◆ Exercise aim: All of the data should be copied exactly, with the pictures left out.

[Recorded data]
'''

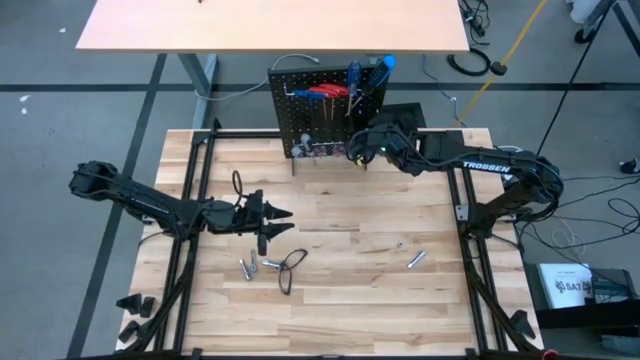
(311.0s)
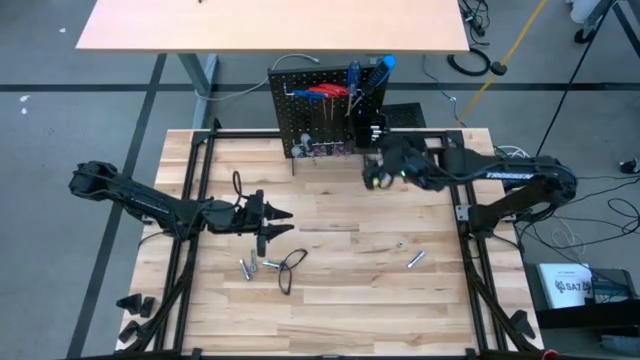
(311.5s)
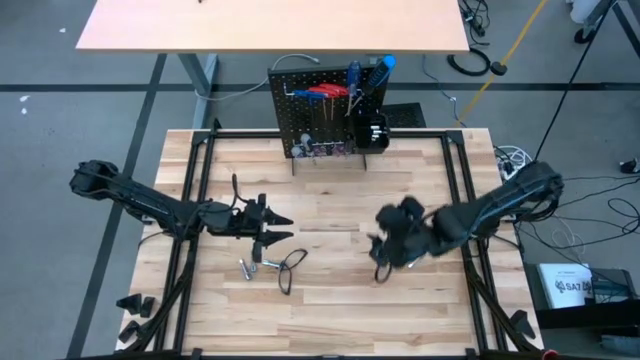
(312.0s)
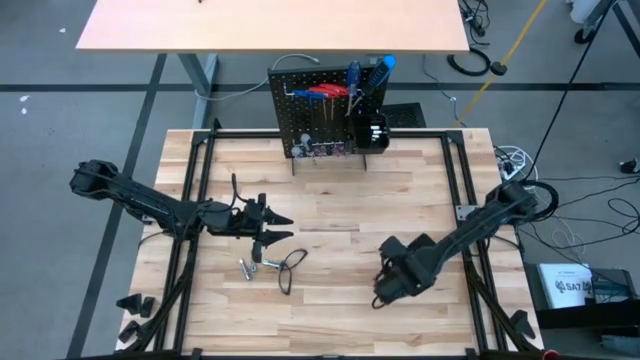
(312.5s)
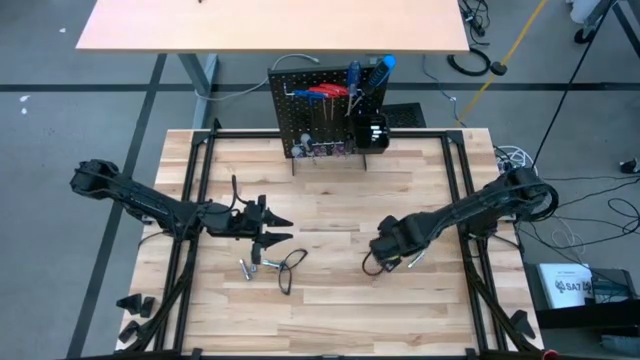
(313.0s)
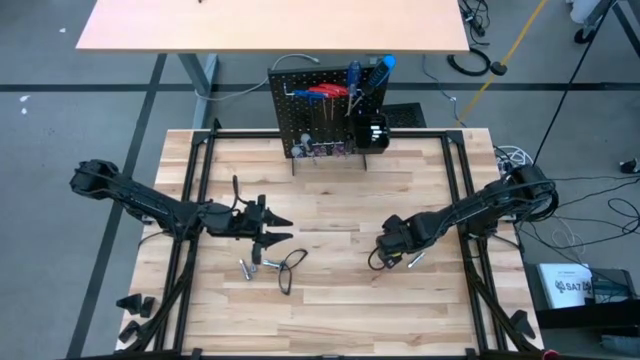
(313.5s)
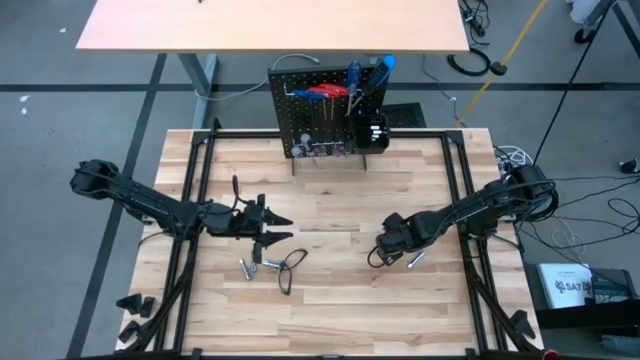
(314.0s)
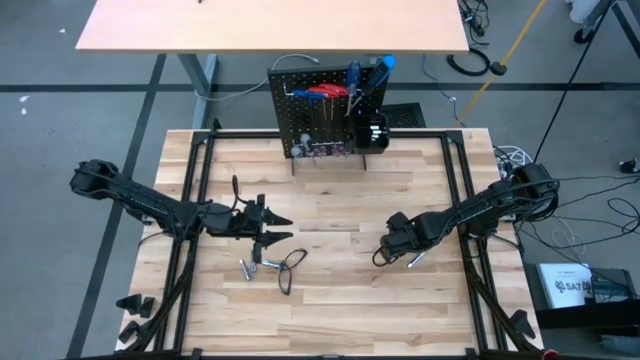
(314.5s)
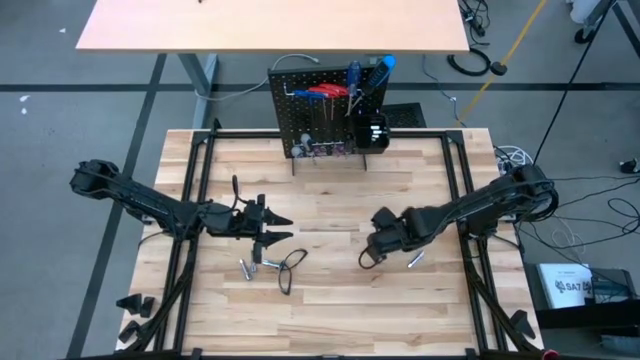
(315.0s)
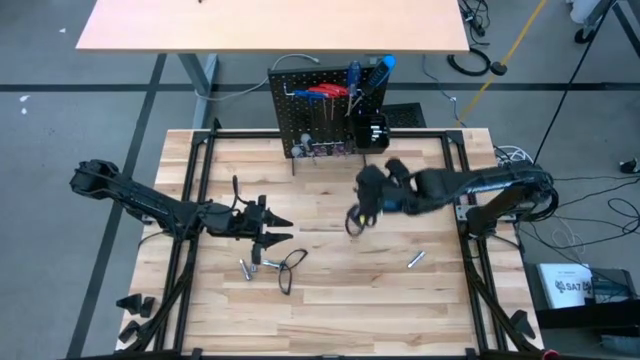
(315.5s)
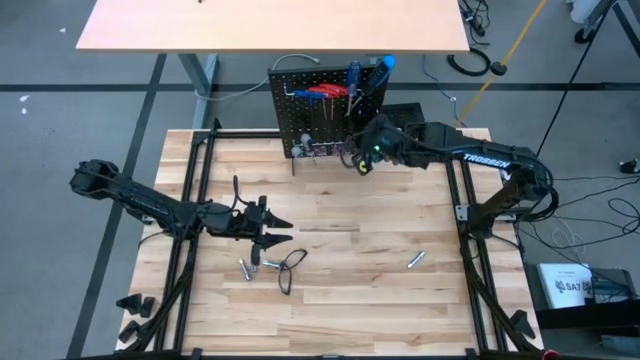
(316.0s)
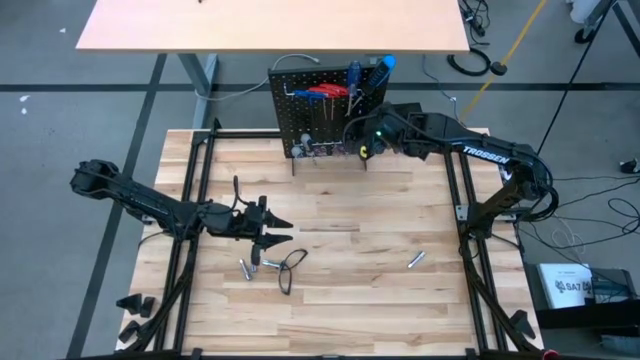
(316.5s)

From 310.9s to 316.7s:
Put the socket into the black bin on the peg board

'''

◆ Exercise result:
(311.0s)
(311.5s)
(312.0s)
(312.5s)
(313.0s)
(313.5s)
(314.0s)
(314.5s)
(315.0s)
(315.5s)
(316.0s)
(316.5s)

From 310.9s to 316.7s:
Put the socket into the black bin on the peg board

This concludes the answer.